Entries provided START

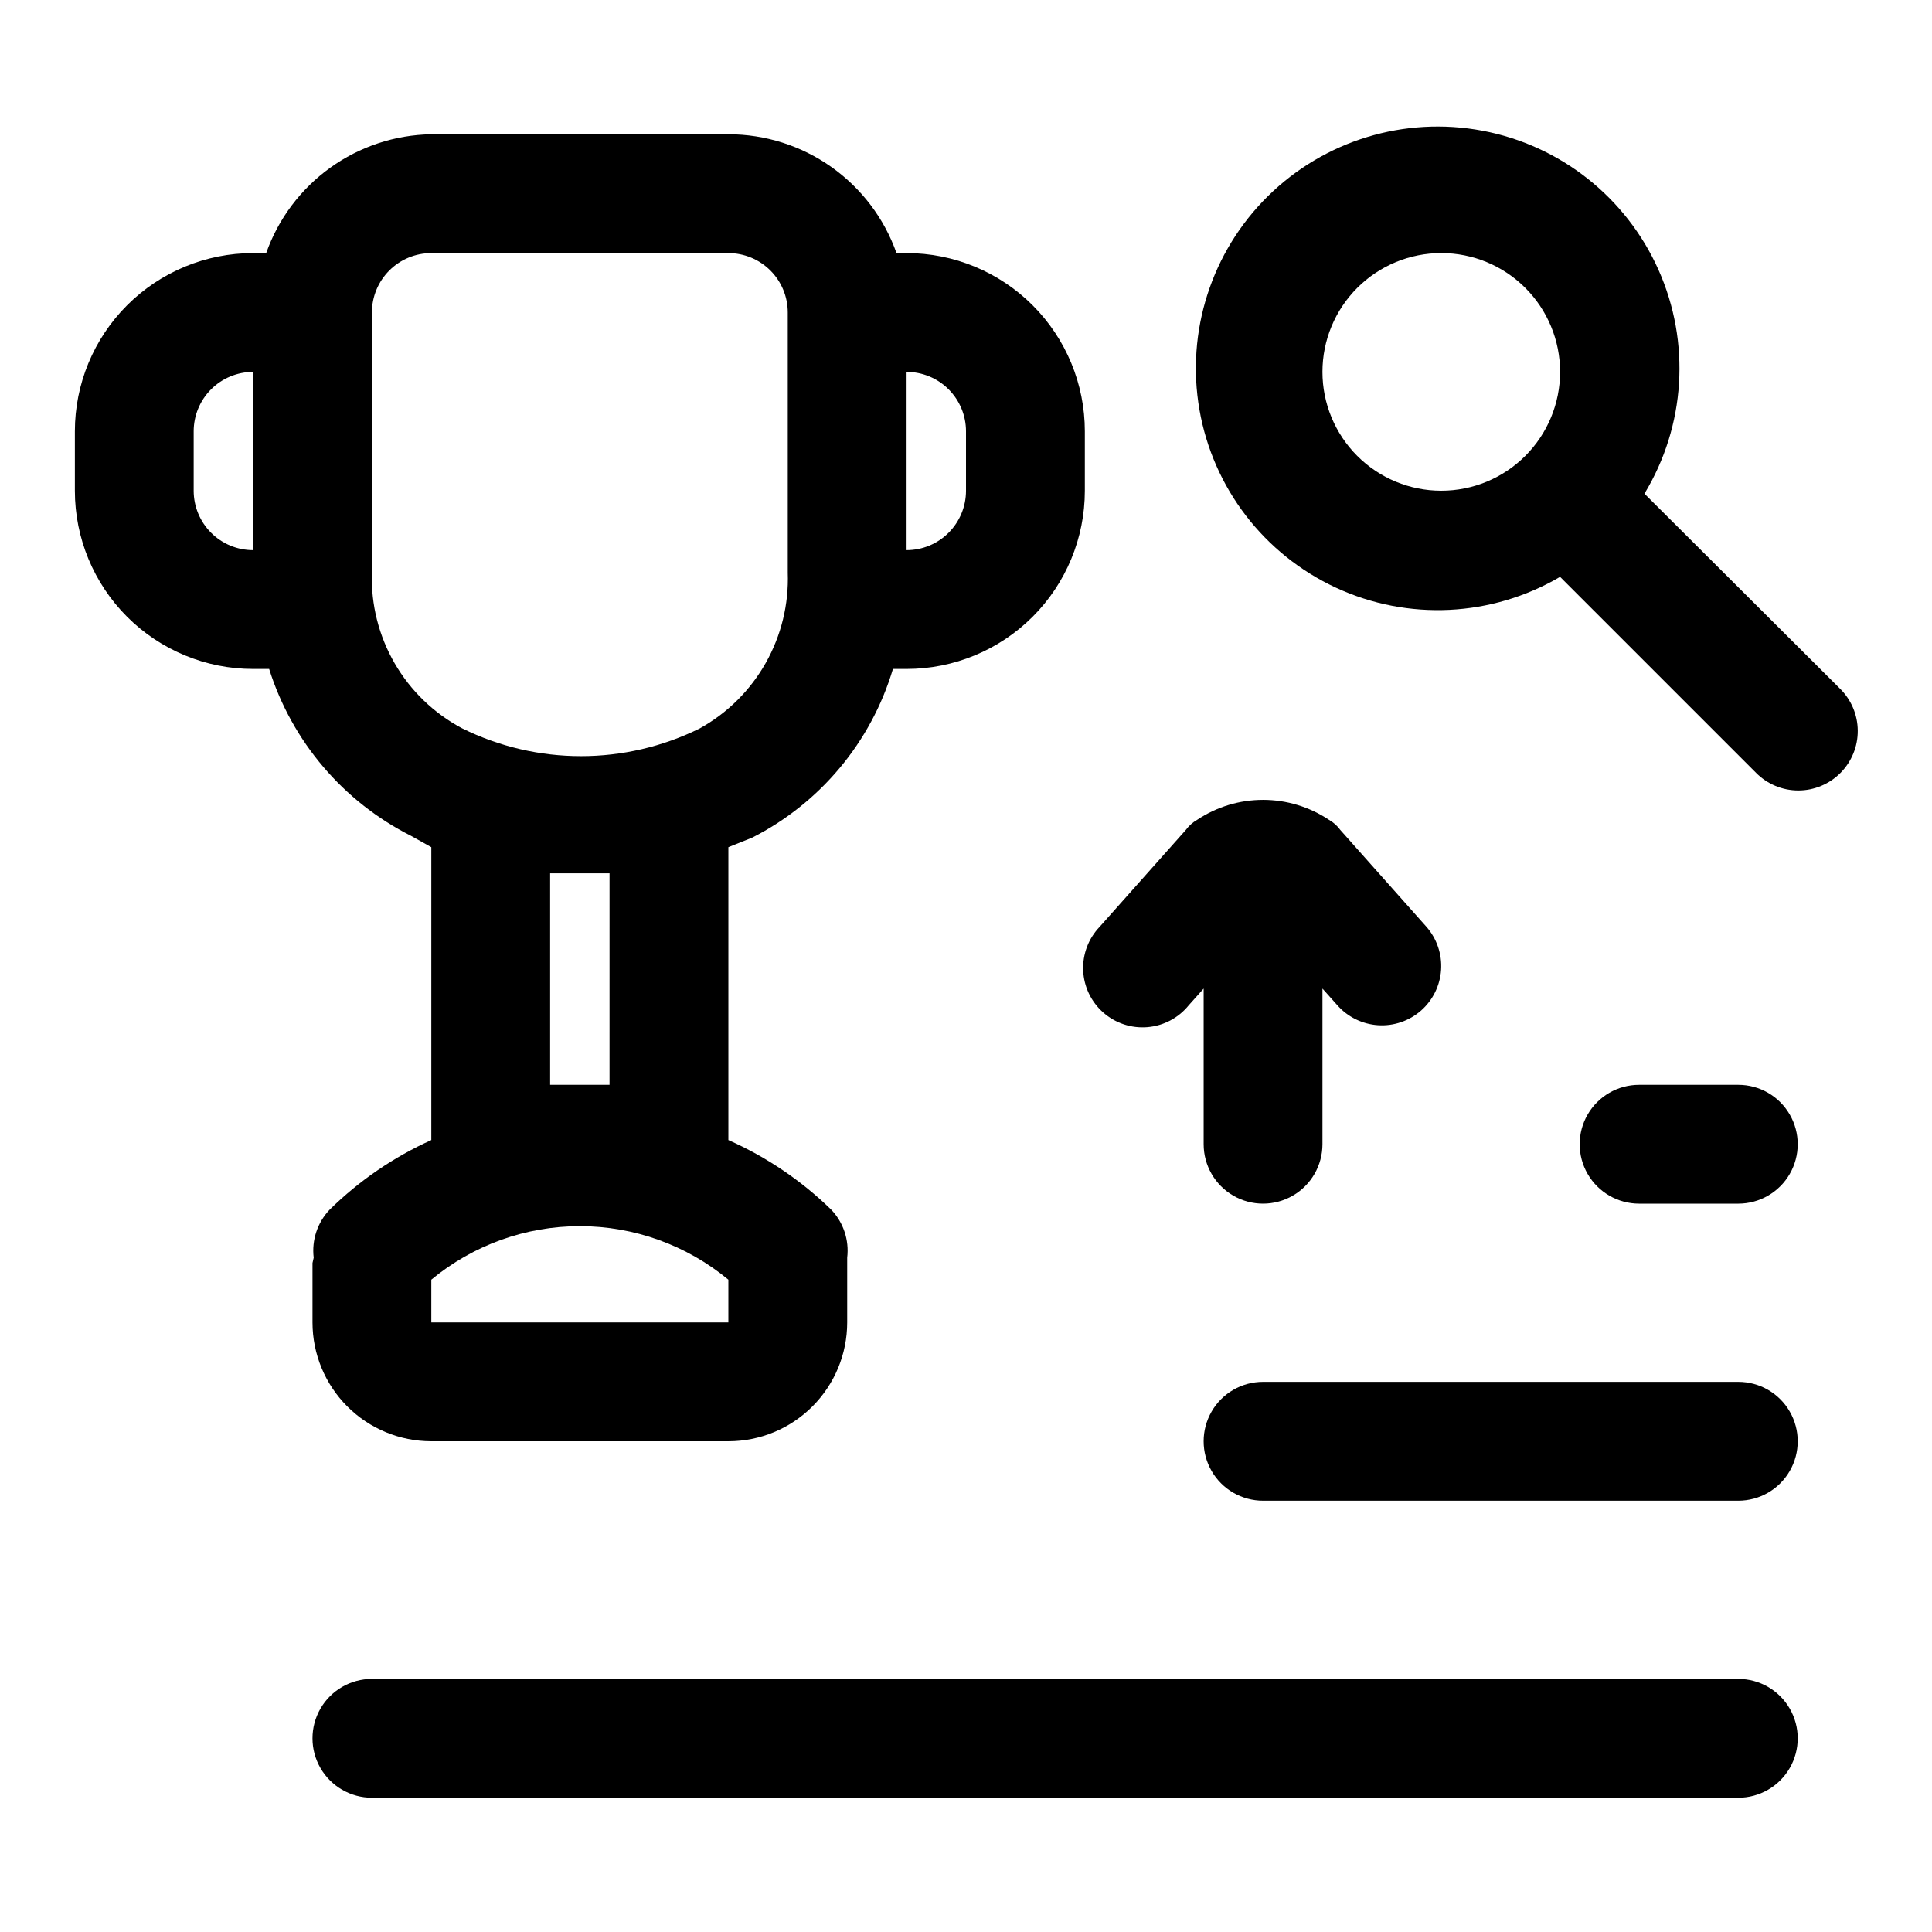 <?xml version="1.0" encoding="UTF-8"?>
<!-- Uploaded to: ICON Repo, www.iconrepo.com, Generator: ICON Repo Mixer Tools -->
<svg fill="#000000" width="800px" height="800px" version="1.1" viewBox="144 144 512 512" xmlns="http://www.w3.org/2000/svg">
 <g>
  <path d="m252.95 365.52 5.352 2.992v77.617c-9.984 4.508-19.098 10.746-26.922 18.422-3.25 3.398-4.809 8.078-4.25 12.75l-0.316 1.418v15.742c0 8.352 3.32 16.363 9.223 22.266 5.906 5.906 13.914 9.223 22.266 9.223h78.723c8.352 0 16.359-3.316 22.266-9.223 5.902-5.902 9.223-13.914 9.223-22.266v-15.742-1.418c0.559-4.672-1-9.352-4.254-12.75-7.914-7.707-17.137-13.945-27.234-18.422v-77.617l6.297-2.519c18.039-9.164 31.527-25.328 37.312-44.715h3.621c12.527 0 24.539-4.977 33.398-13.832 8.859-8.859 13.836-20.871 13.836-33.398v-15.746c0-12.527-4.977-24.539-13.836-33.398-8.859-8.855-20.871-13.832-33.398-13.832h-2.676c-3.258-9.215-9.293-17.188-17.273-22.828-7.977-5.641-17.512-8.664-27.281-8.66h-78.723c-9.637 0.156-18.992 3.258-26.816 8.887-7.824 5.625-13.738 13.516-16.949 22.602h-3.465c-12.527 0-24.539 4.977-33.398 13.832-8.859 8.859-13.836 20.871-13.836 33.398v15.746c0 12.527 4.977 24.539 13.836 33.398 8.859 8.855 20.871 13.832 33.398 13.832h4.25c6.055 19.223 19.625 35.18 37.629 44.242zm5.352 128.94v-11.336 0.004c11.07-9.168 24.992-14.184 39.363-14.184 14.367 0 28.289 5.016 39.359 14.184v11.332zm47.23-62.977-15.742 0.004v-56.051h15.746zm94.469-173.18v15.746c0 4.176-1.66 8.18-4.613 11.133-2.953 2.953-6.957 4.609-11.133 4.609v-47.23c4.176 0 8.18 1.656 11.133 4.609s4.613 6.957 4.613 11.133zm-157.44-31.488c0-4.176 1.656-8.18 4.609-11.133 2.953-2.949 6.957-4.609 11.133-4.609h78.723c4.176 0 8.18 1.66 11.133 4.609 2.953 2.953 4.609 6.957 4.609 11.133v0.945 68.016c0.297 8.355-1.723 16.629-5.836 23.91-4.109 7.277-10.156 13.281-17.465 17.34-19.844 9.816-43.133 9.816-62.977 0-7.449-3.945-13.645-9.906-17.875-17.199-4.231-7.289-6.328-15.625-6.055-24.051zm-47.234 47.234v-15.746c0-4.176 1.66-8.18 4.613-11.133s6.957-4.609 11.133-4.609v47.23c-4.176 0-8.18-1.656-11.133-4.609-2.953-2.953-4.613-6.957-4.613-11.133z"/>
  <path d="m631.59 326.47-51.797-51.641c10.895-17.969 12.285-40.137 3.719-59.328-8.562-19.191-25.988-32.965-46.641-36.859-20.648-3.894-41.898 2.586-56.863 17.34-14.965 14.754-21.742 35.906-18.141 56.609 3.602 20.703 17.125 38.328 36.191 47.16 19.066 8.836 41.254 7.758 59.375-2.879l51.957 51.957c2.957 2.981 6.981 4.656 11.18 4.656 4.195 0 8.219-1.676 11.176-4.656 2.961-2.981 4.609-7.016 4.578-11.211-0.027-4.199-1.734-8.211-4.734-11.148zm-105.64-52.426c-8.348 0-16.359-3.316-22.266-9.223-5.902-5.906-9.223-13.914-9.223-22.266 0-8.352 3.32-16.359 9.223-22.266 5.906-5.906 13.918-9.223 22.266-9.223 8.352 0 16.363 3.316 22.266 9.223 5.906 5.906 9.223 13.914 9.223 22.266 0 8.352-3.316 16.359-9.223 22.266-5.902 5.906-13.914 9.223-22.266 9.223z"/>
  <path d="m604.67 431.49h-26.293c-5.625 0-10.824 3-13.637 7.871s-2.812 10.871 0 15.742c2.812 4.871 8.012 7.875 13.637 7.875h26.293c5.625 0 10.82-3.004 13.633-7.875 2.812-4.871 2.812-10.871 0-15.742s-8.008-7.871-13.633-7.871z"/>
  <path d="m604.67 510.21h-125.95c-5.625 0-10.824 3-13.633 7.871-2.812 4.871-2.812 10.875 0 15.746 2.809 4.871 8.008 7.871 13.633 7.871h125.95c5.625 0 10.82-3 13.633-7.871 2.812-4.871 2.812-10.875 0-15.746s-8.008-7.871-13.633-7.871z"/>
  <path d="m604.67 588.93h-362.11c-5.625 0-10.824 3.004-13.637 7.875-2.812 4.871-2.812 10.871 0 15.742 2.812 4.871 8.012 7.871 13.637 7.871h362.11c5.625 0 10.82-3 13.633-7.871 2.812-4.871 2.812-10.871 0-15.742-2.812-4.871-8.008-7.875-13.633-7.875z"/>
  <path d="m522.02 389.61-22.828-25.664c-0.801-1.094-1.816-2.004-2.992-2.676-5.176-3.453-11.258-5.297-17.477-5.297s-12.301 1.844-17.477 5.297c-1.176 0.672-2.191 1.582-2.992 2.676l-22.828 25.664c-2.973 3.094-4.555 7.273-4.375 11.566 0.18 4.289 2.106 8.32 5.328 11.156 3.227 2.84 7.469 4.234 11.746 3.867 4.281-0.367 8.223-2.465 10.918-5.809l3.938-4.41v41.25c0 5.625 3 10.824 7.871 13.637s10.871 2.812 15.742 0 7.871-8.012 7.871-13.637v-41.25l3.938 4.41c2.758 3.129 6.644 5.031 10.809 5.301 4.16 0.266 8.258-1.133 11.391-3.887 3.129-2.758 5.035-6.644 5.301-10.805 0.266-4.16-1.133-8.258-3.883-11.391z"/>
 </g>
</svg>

Entries provided END
Entries provided START

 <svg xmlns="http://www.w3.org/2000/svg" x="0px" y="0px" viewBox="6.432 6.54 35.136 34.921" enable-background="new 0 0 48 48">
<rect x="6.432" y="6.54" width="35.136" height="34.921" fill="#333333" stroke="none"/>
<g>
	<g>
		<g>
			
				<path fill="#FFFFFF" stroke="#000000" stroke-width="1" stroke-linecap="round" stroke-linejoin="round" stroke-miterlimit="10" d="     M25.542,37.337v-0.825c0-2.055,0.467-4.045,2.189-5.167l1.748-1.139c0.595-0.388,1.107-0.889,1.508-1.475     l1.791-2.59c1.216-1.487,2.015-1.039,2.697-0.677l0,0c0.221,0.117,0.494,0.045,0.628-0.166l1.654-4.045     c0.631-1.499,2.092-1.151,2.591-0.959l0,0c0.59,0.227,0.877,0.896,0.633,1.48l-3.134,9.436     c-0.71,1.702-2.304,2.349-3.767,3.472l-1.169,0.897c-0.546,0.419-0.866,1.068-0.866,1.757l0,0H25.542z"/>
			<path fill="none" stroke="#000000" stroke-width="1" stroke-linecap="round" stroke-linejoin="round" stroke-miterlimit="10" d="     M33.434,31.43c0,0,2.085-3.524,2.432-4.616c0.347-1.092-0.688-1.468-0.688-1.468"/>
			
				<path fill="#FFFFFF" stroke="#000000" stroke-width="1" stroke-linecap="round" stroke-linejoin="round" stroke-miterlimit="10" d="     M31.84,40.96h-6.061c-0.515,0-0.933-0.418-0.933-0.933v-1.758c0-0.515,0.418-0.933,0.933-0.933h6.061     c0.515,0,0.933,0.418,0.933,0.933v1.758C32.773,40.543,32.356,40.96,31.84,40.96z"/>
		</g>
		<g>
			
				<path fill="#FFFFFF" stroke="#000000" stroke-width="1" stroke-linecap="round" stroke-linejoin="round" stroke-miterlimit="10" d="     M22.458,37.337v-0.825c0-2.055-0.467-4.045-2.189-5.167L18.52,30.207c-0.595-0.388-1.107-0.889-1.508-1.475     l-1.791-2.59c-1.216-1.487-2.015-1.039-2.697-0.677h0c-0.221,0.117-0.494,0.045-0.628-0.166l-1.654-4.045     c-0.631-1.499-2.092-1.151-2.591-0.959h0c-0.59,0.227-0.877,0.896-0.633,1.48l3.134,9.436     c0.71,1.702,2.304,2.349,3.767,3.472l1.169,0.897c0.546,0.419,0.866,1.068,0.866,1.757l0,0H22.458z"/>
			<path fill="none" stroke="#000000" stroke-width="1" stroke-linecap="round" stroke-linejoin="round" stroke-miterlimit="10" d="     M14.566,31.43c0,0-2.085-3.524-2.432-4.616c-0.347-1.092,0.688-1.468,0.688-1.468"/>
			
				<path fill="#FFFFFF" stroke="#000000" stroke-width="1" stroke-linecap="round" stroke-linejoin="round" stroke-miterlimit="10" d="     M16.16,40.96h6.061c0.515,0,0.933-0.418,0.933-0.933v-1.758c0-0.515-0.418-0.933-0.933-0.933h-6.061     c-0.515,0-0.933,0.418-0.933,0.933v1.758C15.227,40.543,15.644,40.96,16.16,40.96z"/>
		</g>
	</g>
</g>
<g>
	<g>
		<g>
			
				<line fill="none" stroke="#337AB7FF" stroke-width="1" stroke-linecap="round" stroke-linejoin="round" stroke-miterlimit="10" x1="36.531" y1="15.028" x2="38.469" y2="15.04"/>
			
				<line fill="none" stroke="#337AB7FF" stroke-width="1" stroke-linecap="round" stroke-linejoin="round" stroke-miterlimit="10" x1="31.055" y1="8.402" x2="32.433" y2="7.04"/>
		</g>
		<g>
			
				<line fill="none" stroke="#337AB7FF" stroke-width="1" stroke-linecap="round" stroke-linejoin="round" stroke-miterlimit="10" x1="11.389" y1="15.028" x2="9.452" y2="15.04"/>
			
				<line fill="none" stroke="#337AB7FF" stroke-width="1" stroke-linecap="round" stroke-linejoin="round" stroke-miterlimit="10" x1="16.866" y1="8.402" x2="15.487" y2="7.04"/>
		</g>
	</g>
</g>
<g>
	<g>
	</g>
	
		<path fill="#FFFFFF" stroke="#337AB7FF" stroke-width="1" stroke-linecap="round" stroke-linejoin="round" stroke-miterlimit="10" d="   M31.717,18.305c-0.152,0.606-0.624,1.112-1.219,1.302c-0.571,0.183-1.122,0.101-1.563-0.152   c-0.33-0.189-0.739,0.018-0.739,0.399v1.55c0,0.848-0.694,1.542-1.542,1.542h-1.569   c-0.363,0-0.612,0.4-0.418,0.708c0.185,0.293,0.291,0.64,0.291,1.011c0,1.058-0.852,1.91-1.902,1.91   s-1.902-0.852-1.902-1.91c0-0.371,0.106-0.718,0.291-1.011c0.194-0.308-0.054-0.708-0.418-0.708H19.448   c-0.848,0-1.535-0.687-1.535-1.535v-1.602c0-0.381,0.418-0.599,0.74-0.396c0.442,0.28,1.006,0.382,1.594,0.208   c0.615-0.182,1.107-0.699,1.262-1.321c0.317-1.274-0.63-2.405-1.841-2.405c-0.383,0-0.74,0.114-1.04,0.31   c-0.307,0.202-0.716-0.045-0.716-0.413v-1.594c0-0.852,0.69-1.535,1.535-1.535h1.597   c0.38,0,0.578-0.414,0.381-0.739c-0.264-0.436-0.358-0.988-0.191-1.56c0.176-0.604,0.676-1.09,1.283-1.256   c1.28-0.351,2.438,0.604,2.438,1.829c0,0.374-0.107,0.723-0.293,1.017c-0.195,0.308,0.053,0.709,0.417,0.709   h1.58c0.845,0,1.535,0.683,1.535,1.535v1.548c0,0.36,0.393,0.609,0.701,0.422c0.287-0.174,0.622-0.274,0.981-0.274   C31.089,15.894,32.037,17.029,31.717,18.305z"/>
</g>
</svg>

Entries provided END

What you are asked to do
Look over the records above, and wherever a line contains the string "xmlns", copy that line.

Worked solution
<svg fill="#000000" width="800px" height="800px" version="1.1" viewBox="144 144 512 512" xmlns="http://www.w3.org/2000/svg">
 <svg xmlns="http://www.w3.org/2000/svg" x="0px" y="0px" viewBox="6.432 6.54 35.136 34.921" enable-background="new 0 0 48 48">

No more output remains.